However, your post also clearly delineates what is so different about digital means of data collection. In your spreadsheet, it looks like the data sources that are categorized as “digital” are more likely to be passively collected, non-editable, and non-blockable.

It’s interesting that you pointed out that Google’s pixelated portrait of you is ahistorical—this makes me wonder about the idea of prediction that was brought up in yesterday’s class. Given that individual people change, how much pixelated data is necessary to predict the ways in which individual people change? I wonder if Google has any sort of predictive algorithm that it applies to individual users based on their changing preferences (which they may or may not track—it seems like they just aggregate preferences over time, judging by your personalized ad interests).

Cynthia Vu says:

November 6, 2020 at 1:50 pm

Hi Rei,

I really like that way that you put together your data journal, and I think it shows both your thoroughness and thoughtfulness. In particular I was interested in your self-selection of categories. The “editable” and “blocking” categories were really interesting–thinking about ways in which you can edit, delete, or disrupt both the generation of your data and its recorded form suggests that you can manipulate your own data such that you can create an alternate version of yourself to present to sites that gather your data. On some level, we already do this unconsciously in our everyday lives, when we make choices like whether or not to post a picture to Instagram or Facebook. Our digital presences are already highly curated. But I am intrigued by the possibility of misrepresenting yourself through the manipulation of your own data after it has been generated.
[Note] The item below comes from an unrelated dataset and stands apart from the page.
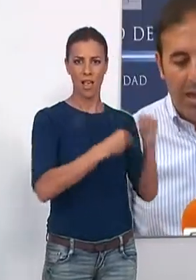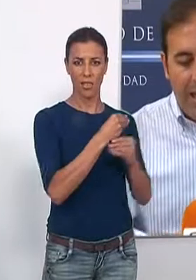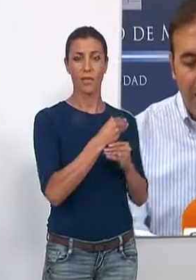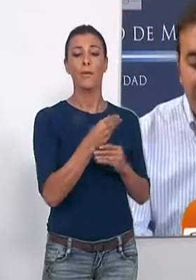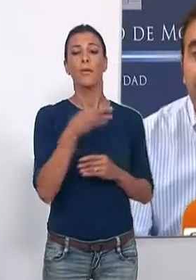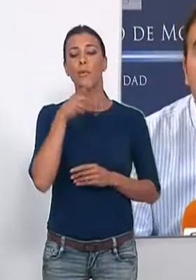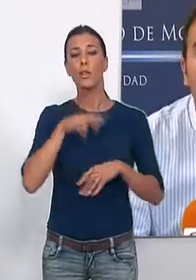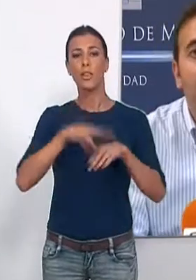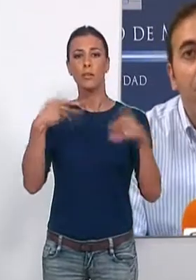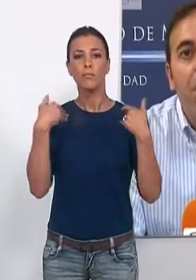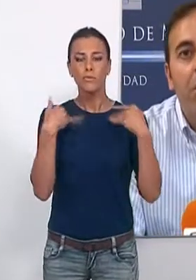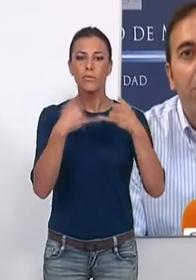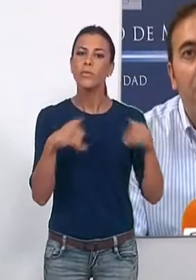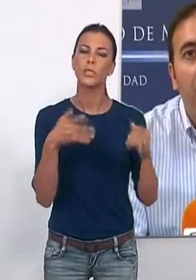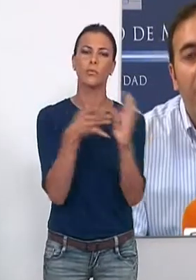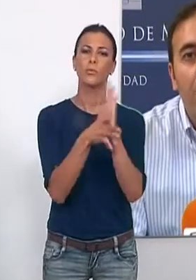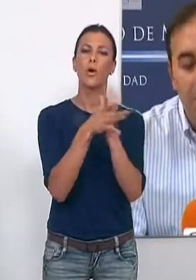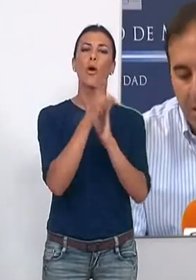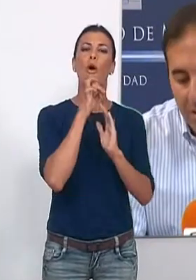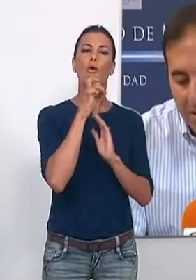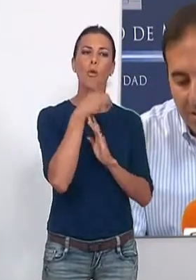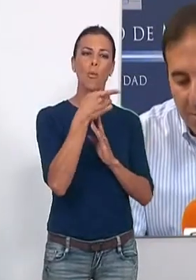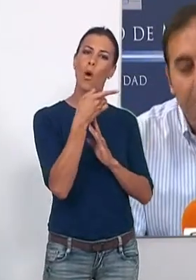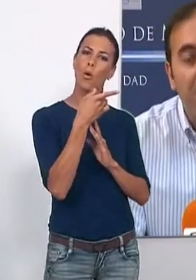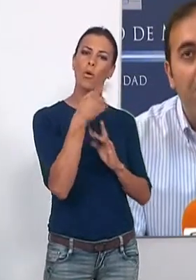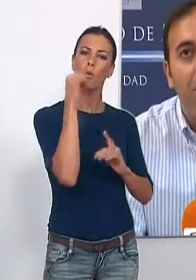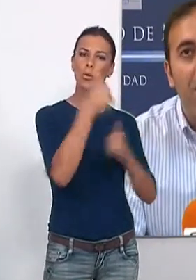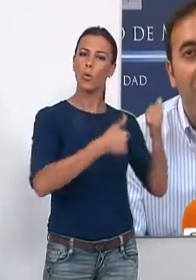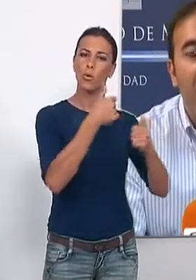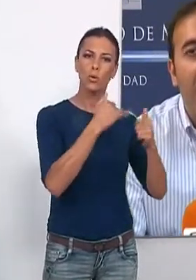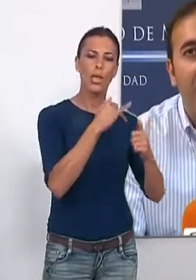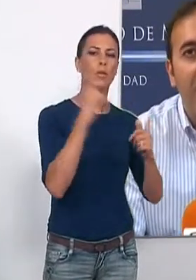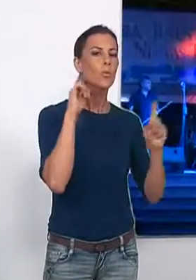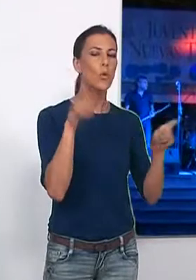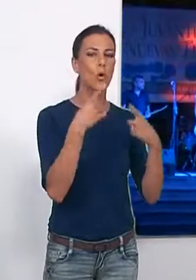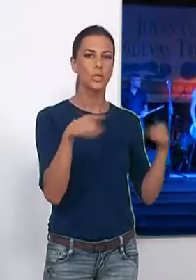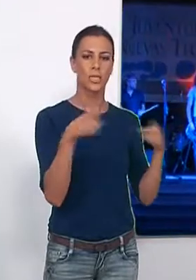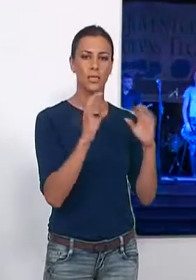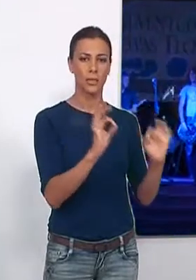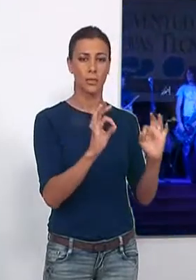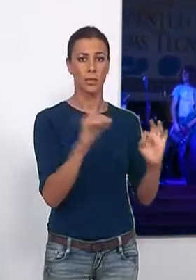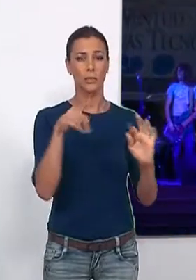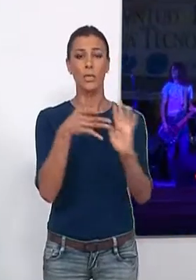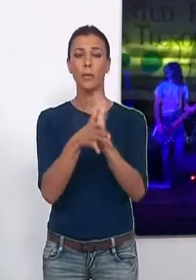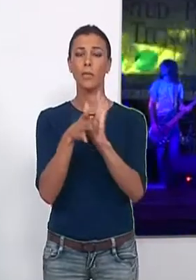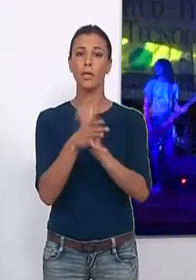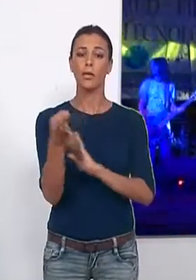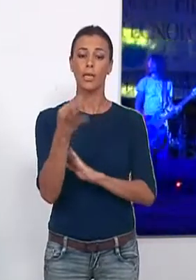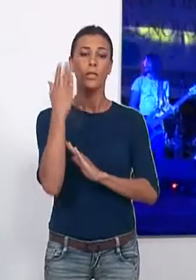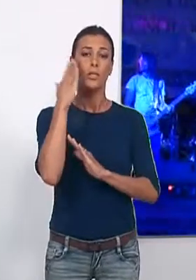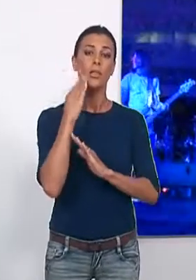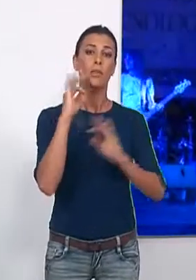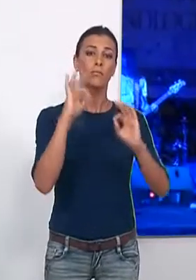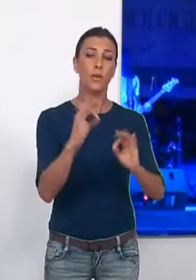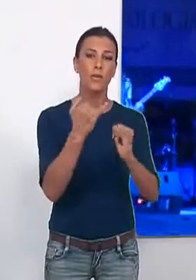edil de fiestas explicaba en qué consiste la renovación de este concurso musical. También explicó que el día de la

I also thought that your analysis of Google’s Ad Personalization was interesting, although I was unable to view your attached Word document. I think the fact that Google’s algorithms did not take into account a sense of time and place and assumed that your interests were all-encompassing lends well to our discussions about the pixelated person in class. Even if we manage to gather all the aspects and traces of a person that might exist in digital spaces (which I think is an impossible task–although you’ve done a fantastic job of looking for it, your “editable” category is just one example of why some of this digital data might be inaccessible), would the person we come up with really be who we think they are? The goal of advertising data is to sell you things, and Google does an adequate enough job of understanding what you want or like in order to successfully complete this task. But I don’t believe that this or even the fantastic data table you’ve put together is necessarily enough to understand the whole of someone’s identity and personality. This brings up questions about how we might begin to define, quantify, or categorize something abstract like “identity”.

I didn’t realize that iPhone “pickups” are data exhaust

Lauren McGrath, November 2, 2020 3 Comments

Data

For our data journal assignment, I transferred data from my iPhone’s battery and activity pages and extracted data from my SugarWod app (my gym’s tracking app). Here is the link to the spreadsheet:

https://docs.google.com/spreadsheets/d/1Xh992dbhlvU-JV-2-xfVM744YW9924r0JEVBFdVG3Go/edit?usp=sharing

When I started this assignment, I initially was interested in looking at my google searching data. However, when I looked into accessing it, I learned that my data tracking was turned off; I remembered that a friend of mine had turned it off last year when I was trying to purchase airline tickets. She told me that google or other websites are able to see what flights you are looking for, and therefore raises the price. Because I didn’t have any google data that I could access, I turned to data that apps and my iPhone collect.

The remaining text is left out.